MrMimic/MEDOC

Incomplete XML parsing for large files

Closed this issue · 1 comments

When the xml file is quite large ( more than 30M when compressed) the lxml bs4 engine does not find all the elements.

I tried on machine to run the code on more RAM-capable machine (till 64G or RAM) and with other engine as well (html-parser)

I think it may be the way bs4 uses lxml, but I did not want to dig deeper. You can replicate this issue by processing any large file, i.e: updatefiles/pubmed18n0935.xml.gz
For example, with the file mentioned above I can only find 2 elements out of 30k.

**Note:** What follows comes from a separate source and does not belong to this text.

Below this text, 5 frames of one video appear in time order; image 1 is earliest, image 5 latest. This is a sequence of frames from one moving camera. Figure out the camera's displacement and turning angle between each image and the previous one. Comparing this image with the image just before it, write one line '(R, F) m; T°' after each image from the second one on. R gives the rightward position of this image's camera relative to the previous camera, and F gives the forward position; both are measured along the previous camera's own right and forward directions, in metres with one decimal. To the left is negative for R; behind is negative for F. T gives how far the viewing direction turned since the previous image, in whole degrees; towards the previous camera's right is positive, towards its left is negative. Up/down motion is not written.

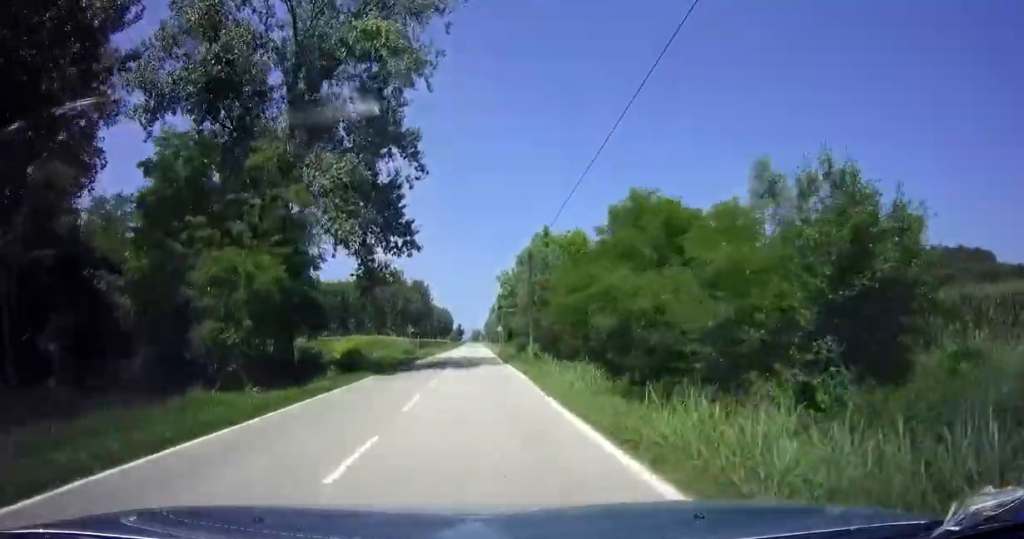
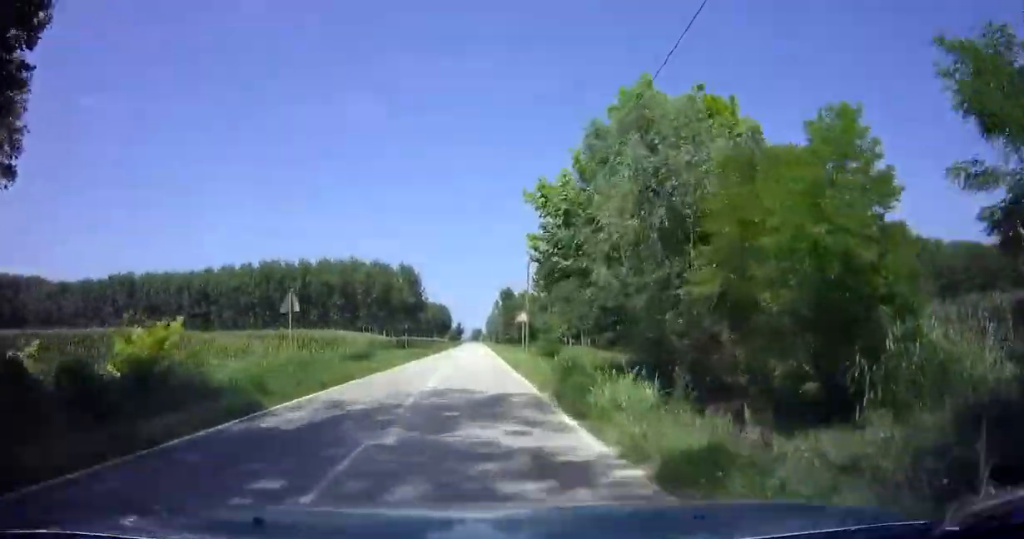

Temporary, I extracted the xml nodes for 'Citation' using regular expression, just to be sure to import everything.
So, the output now looks like this:

Elapsed time: 5.17 sec for module: get_file_list
- - - - - - - - - - - - - - - - - - - - - - - - - - - - - - DOWNLOADING FILE
Downloading updatefiles/pubmed18n0935.xml.gz ..
Elapsed time: 10.53 sec for module: download
- - - - - - - - - - - - - - - - - - - - - - - - - - - - - - FILE EXTRACTION
Elapsed time: 2.4 sec for module: extract
- - - - - - - - - - - - - - - - - - - - - - - - - - - - - - XML FILE PARSING
The underlying parser failed to retrieve all the elements. Found 2 out of 30000. 
Loading the others now...30000 elements are now loaded.
Elapsed time: 10.33 sec for module: parse

I thought you may wish to know or to investigate deeply this issue

Hey. It took me a while to get why this could append.

Obviously, the problem is coming from the code block:

empty_element_tags = set(['br' , 'hr', 'input', 'img', 'meta', 'spacer', 'link', 'frame', 'base']) in the lxml library. When the parsed file contains link tag, it breaks down, thus leading to a miscount.

I added a simple xml indexation of the file (slower), and i re-index with lxml every parsed article to lower the case.

Thanks to notify it and sorry for the late reply.